[RECORDS TO USE]

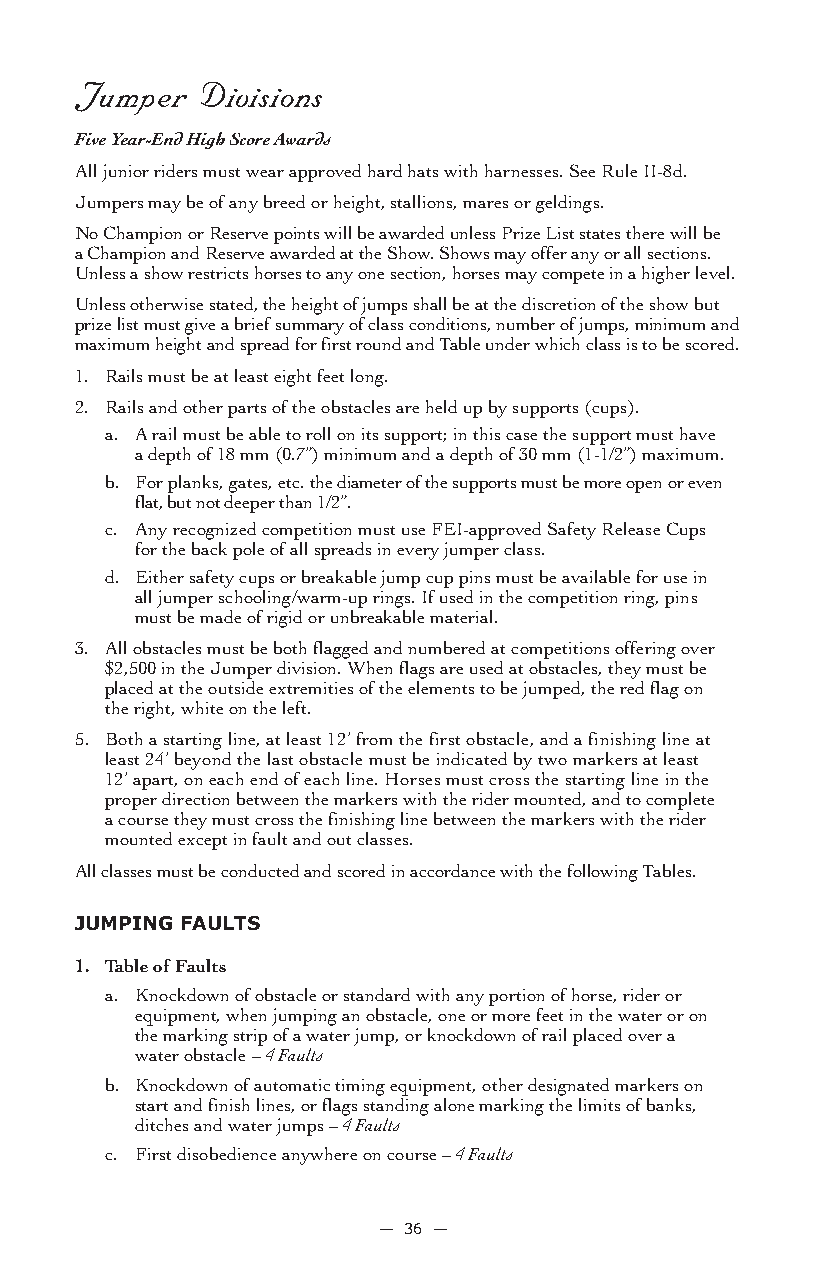
Jumper  Divisions
 Five Year-End High Score Awards
 All junior riders must wear approved hard hats with harnesses. See Rule II-8d.
 Jumpers may be of any breed or height, stallions, mares or geldings.
 No Champion or Reserve points will be awarded unless Prize List states there will be
 a Champion and Reserve awarded at the Show. Shows may offer any or all sections.
 Unless a show restricts horses to any one section, horses may compete in a higher level.
 Unless otherwise stated, the height of jumps shall be at the discretion of the show but
 prize list must give a brief summary of class conditions, number of jumps, minimum and
 maximum height and spread for first round and Table under which class is to be scored.
 1. Rails must be at least eight feet long.
 2. Rails and other parts of the obstacles are held up by supports (cups).
 a. A rail must be able to roll on its support; in this case the support must have
 a depth of 18 mm (0.7”) minimum and a depth of 30 mm (1-1/2”) maximum.
 b. For planks, gates, etc. the diameter of the supports must be more open or even
 flat, but not deeper than 1/2”.
 c. Any recognized competition must use FEI-approved Safety Release Cups
 for the back pole of all spreads in every jumper class.
 d. Either safety cups or breakable jump cup pins must be available for use in
 all jumper schooling/warm-up rings. If used in the competition ring, pins
 must be made of rigid or unbreakable material.
 3. All obstacles must be both flagged and numbered at competitions offering over
 $2,500 in the Jumper division. When flags are used at obstacles, they must be
 placed at the outside extremities of the elements to be jumped, the red flag on
 the right, white on the left.
 5. Both a starting line, at least 12’ from the first obstacle, and a finishing line at
 least 24’ beyond the last obstacle must be indicated by two markers at least
 12’ apart, on each end of each line. Horses must cross the starting line in the
 proper direction between the markers with the rider mounted, and to complete
 a course they must cross the finishing line between the markers with the rider
 mounted except in fault and out classes.
 All classes must be conducted and scored in accordance with the following Tables.
 JUMPinG faULTs
 1. Table of Faults
 a. Knockdown of obstacle or standard with any portion of horse, rider or
 equipment, when jumping an obstacle, one or more feet in the water or on
 the marking strip of a water jump, or knockdown of rail placed over a
 water obstacle – 4 Faults
 b. Knockdown of automatic timing equipment, other designated markers on
 start and finish lines, or flags standing alone marking the limits of banks,
 ditches and water jumps – 4 Faults
 c. First disobedience anywhere on course – 4 Faults
 — 36 —
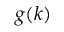
g ( k )
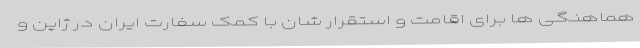
هماهنگی ها برای اقامت و استقرار شان با کمک سفارت ایران در ژاپن و
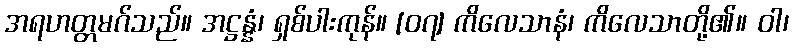
အရဟတ္တမဂ်သည်။ အဋ္ဌန္နံ၊ ရှစ်ပါးကုန်။ [၀၇] ကိလေသာနံ၊ ကိလေသာတို့၏။ ဝါ၊
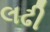
લઢી
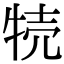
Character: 㸿
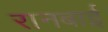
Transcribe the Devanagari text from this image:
रानबाई
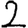
Digit: 2
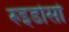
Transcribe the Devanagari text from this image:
रुइडोसो
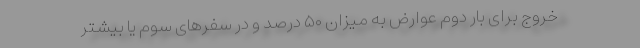
خروج برای بار دوم عوارض به میزان ۵۰ درصد و در سفرهای سوم یا بیشتر
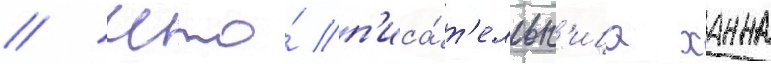
/ что́ п'иса́т'ельн'ица ханна
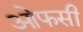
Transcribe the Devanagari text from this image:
ओफसी
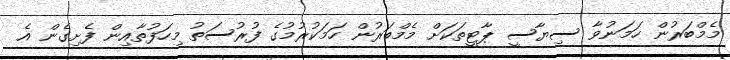
މެމްބަރުން ހަމަނުވާ ސިޔާސީ ޕާޓީތަކަށް މެމްބަރުން ހަމަކުރުމުގެ ފުރުސަތު މިހަފުތާއިން ފެށިގެން އެ
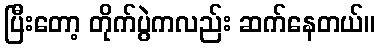
ပြီးတော့ တိုက်ပွဲကလည်း ဆက်နေတယ်။
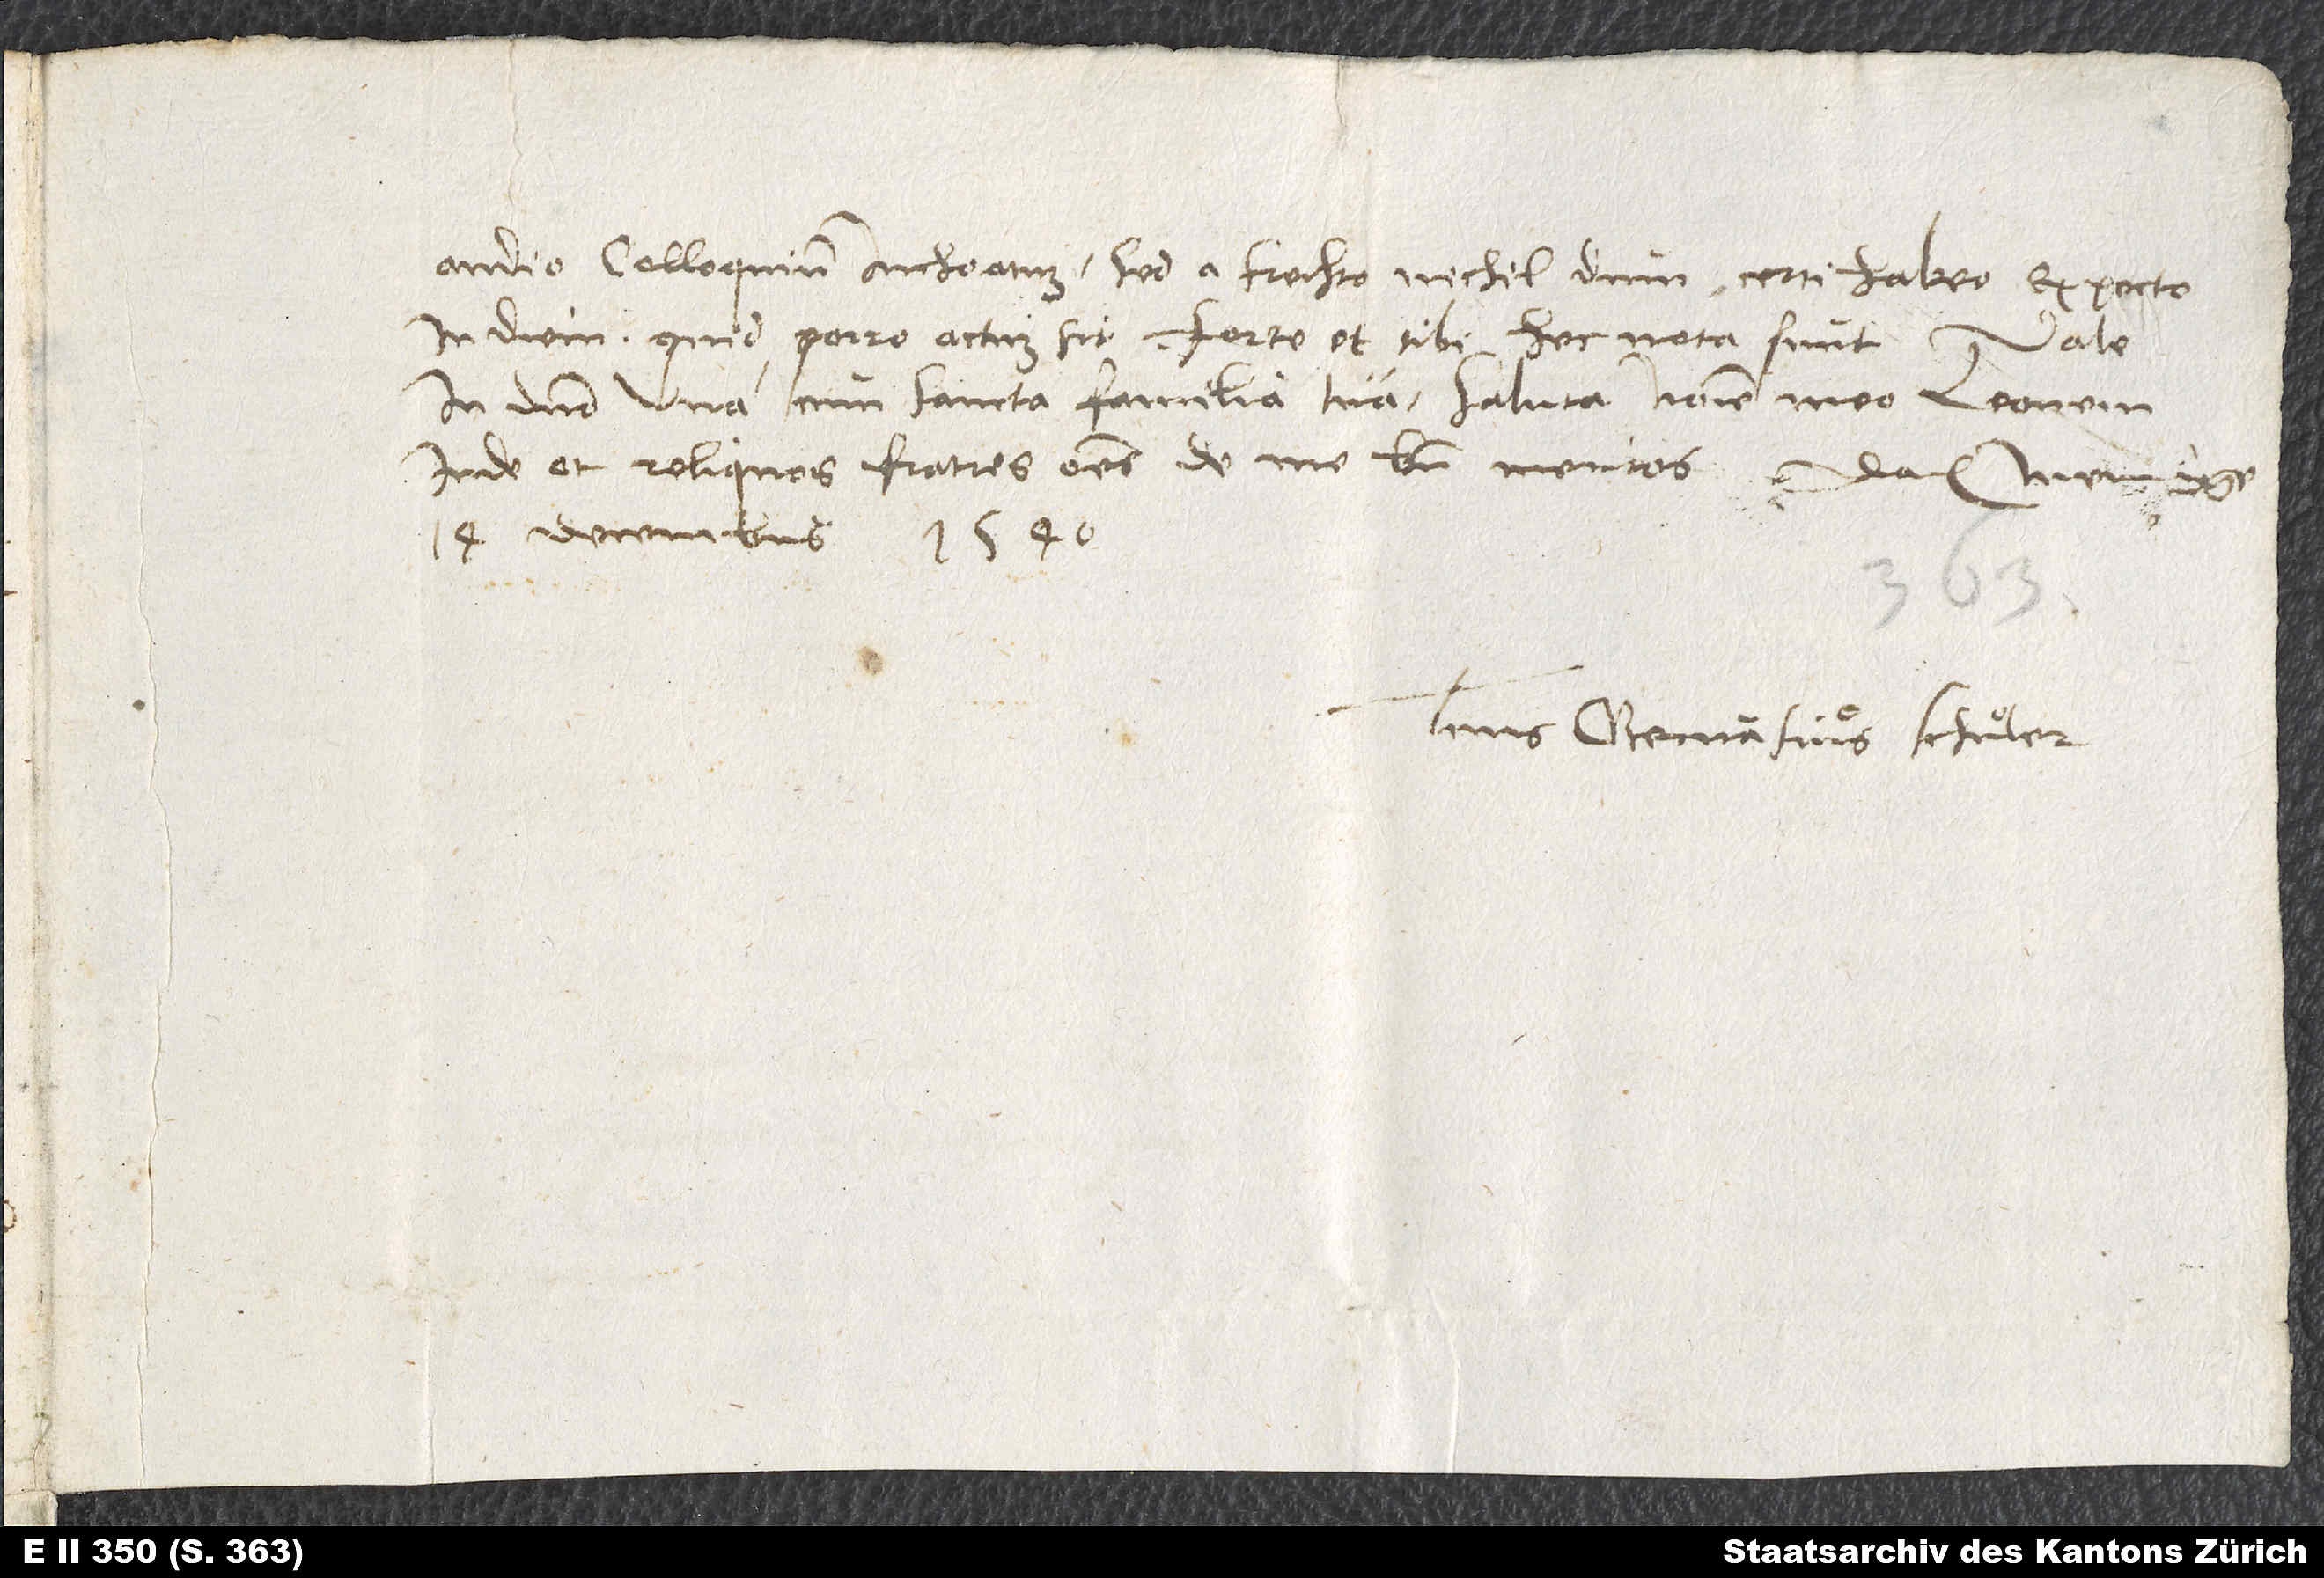
audio colloquium inchoatum, sed a Frechto nichil dum certi habeo. Expecto
in diem, quid porro actum sit. Forte et tibi hec nota sunt.
Vale
in domino una cum sancta familia tua. Saluta nomine meo Leonem
Iude et reliquos fratres omnes de me bene meritos. Datum
14. decembris 1540.
Tuus Gervasius Schuͦler.
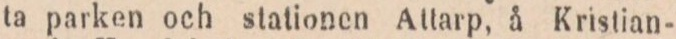
ta parken och stationen Attarp, å Kristian-
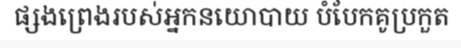
ផ្សងព្រេងរបស់អ្នកនយោបាយ បំបែកគូប្រកួត
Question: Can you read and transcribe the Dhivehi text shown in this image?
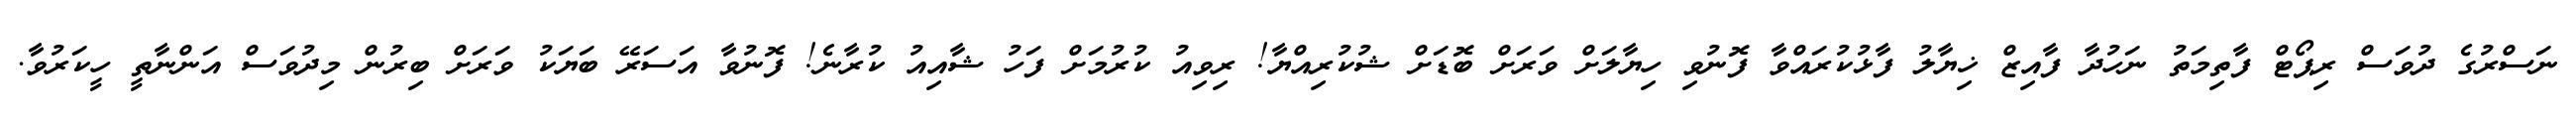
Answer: ނަސްރުގެ ދުވަސް ރިޕޯޓް ފާތިމަތު ނަހުދާ ފާއިޒް ޚިޔާލު ފާޅުކުރައްވާ ފޮނުވި ހިޔާލަށް ވަރަށް ބޮޑަށް ޝުކުރިއްޔާ! ރިވިއު ކުރުމަށް ފަހު ޝާއިއު ކުރާނެ! ފޮނުވާ އަސަރޭ ބަޔަކު ވަރަށް ބިރުން މިދުވަސް އަންނާތީ ހީކަރުވާ.
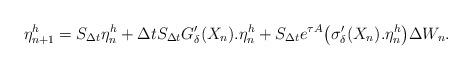
LaTeX: \begin{align*}\eta_{n+1}^{h}=S_{\Delta t}\eta_n^h+\Delta tS_{\Delta t}G_\delta'(X_n).\eta_n^h+S_{\Delta t}e^{\tau A}\bigl(\sigma_\delta'(X_n).\eta_n^h\bigr)\Delta W_n.\end{align*}
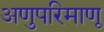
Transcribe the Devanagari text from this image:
अणुपरिमाणू
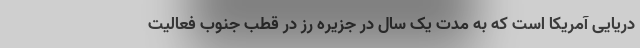
دریایی آمریکا است که به مدت یک سال در جزیره رز در قطب جنوب فعالیت
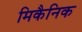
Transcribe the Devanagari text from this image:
मिकैनिक
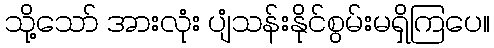
သို့သော် အားလုံး ပျံသန်းနိုင်စွမ်းမရှိကြပေ။
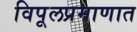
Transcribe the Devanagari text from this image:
विपूलप्रमाणात
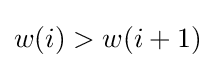
w(i)>w(i+1)

[/RECORDS TO USE]

Above this task is a listing with pictures in it. Retype only the lines from the one containing "b. Knockdown of" through the one containing "މެމްބަރުން ހަމަނުވާ ސިޔާސީ", both included, and not the pictures.

■ **EXERCISE ANSWER**:
 b. Knockdown of automatic timing equipment, other designated markers on
 start and finish lines, or flags standing alone marking the limits of banks,
 ditches and water jumps – 4 Faults
 c. First disobedience anywhere on course – 4 Faults
 — 36 —
g ( k )
هماهنگی ها برای اقامت و استقرار شان با کمک سفارت ایران در ژاپن و
အရဟတ္တမဂ်သည်။ အဋ္ဌန္နံ၊ ရှစ်ပါးကုန်။ [၀၇] ကိလေသာနံ၊ ကိလေသာတို့၏။ ဝါ၊
લઢી
Character: 㸿
Transcribe the Devanagari text from this image:
रानबाई
Digit: 2
Transcribe the Devanagari text from this image:
रुइडोसो
خروج برای بار دوم عوارض به میزان ۵۰ درصد و در سفرهای سوم یا بیشتر
/ что́ п'иса́т'ельн'ица ханна
Transcribe the Devanagari text from this image:
ओफसी
މެމްބަރުން ހަމަނުވާ ސިޔާސީ ޕާޓީތަކަށް މެމްބަރުން ހަމަކުރުމުގެ ފުރުސަތު މިހަފުތާއިން ފެށިގެން އެ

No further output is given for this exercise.